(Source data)
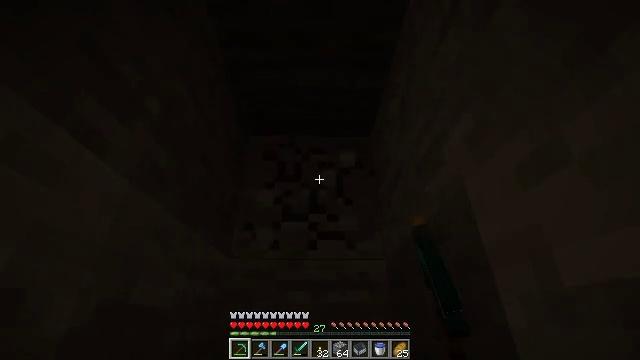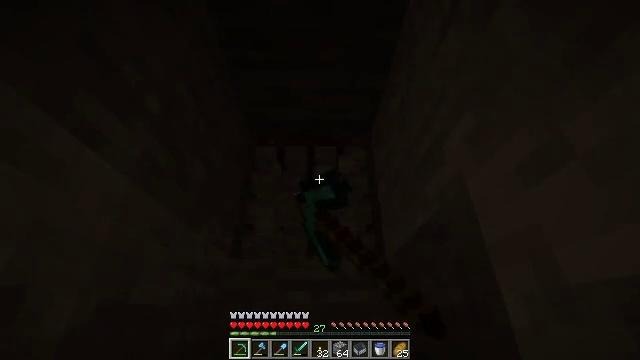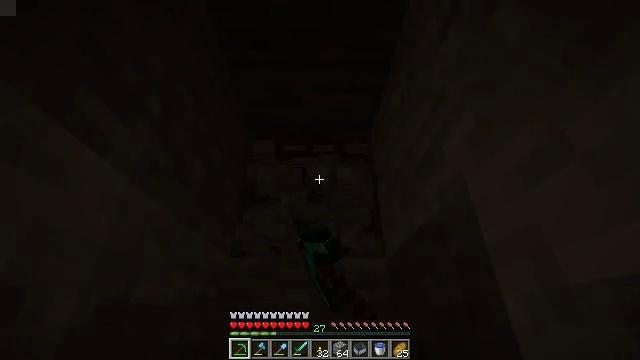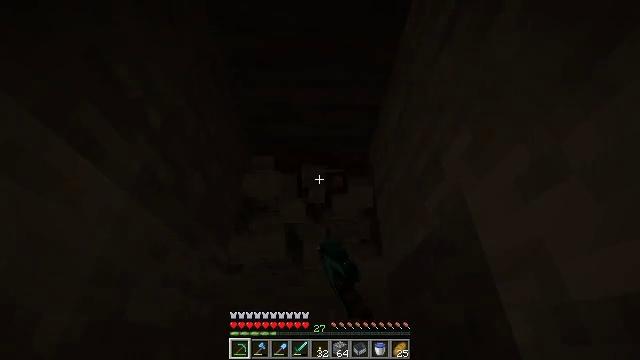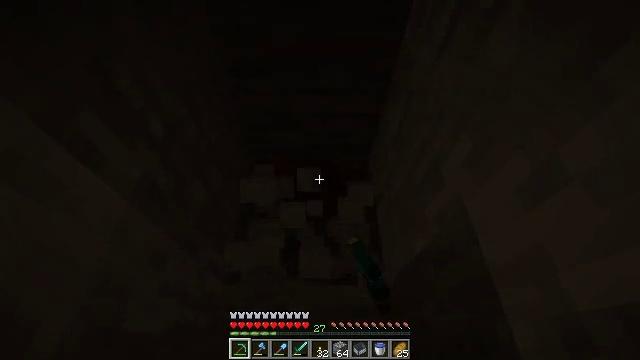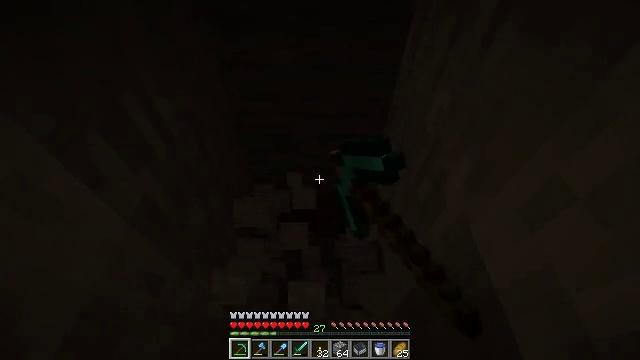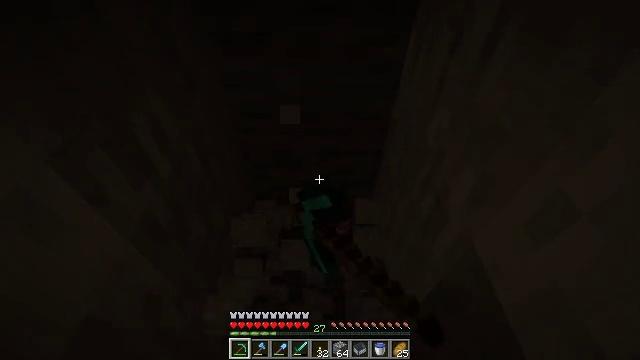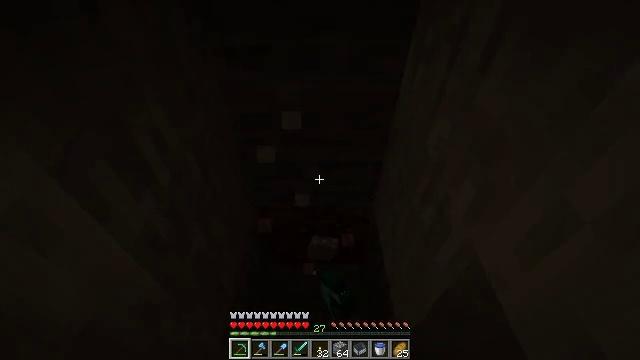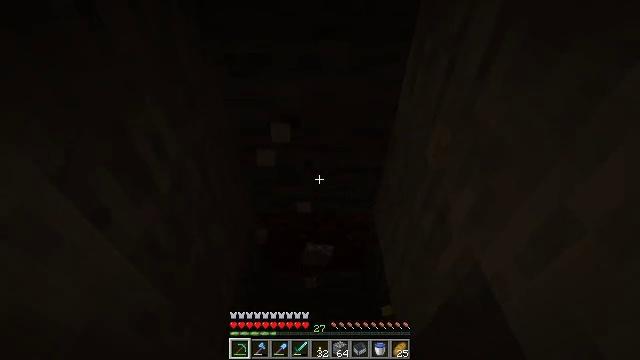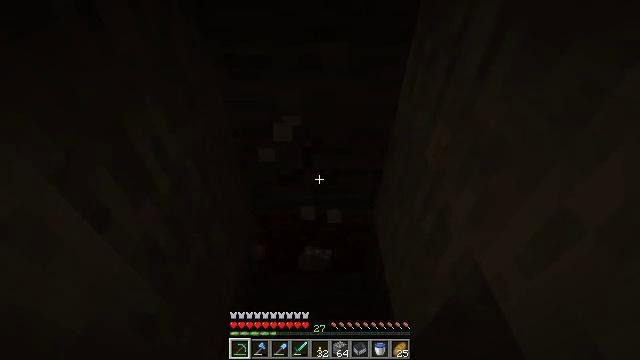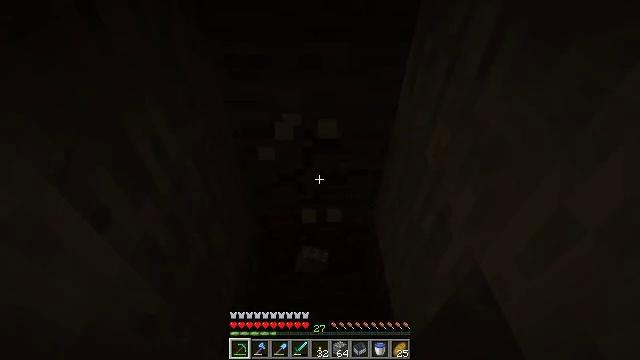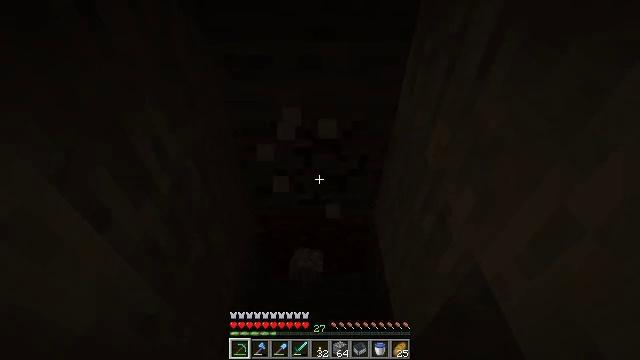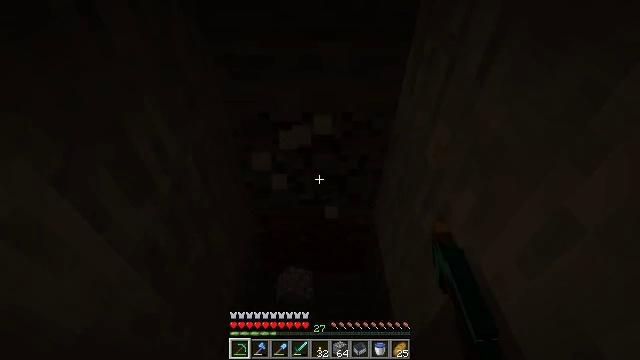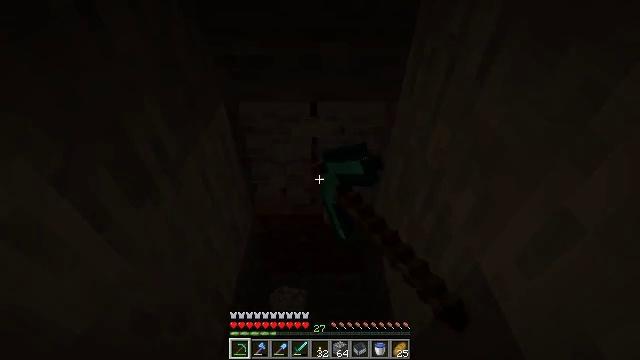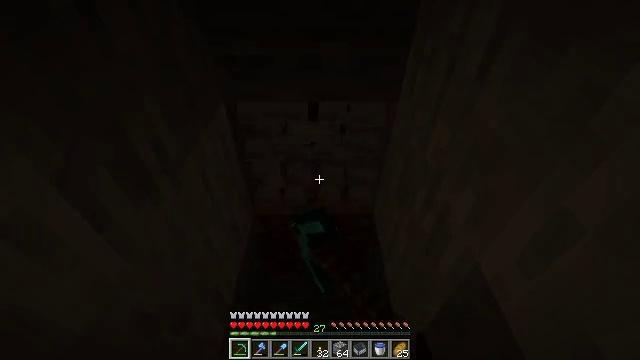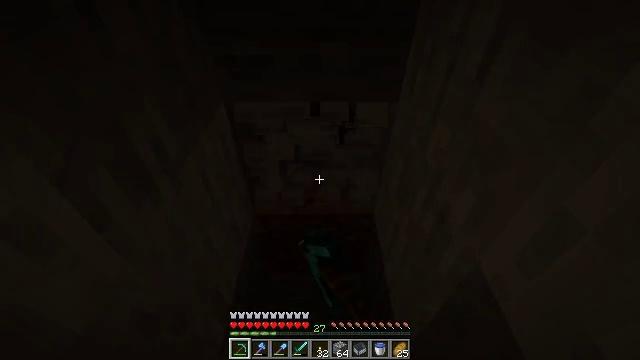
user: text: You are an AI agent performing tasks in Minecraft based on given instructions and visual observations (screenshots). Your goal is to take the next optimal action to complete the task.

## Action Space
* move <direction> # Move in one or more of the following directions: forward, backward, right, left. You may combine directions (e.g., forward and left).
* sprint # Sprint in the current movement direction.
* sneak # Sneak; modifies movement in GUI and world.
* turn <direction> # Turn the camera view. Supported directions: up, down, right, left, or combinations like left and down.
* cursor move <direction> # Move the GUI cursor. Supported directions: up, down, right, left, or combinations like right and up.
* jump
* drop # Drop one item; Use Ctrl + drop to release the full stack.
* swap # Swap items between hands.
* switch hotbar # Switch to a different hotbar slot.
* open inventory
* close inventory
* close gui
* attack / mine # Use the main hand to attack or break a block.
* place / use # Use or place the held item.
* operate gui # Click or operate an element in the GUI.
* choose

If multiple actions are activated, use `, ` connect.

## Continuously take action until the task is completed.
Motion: motion action
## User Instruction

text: Gather stone by using a pickaxe.
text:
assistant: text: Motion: attack / mine
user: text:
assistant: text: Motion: attack / mine
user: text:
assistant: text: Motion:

**WHAT THE TASK REQUIRES:**
Your answer must be the exact lines of the records from the first one through the line containing "If multiple actions", with no pictures in it.

**TASK RESPONSE:**
user: text: You are an AI agent performing tasks in Minecraft based on given instructions and visual observations (screenshots). Your goal is to take the next optimal action to complete the task.

## Action Space
* move <direction> # Move in one or more of the following directions: forward, backward, right, left. You may combine directions (e.g., forward and left).
* sprint # Sprint in the current movement direction.
* sneak # Sneak; modifies movement in GUI and world.
* turn <direction> # Turn the camera view. Supported directions: up, down, right, left, or combinations like left and down.
* cursor move <direction> # Move the GUI cursor. Supported directions: up, down, right, left, or combinations like right and up.
* jump
* drop # Drop one item; Use Ctrl + drop to release the full stack.
* swap # Swap items between hands.
* switch hotbar # Switch to a different hotbar slot.
* open inventory
* close inventory
* close gui
* attack / mine # Use the main hand to attack or break a block.
* place / use # Use or place the held item.
* operate gui # Click or operate an element in the GUI.
* choose

If multiple actions are activated, use `, ` connect.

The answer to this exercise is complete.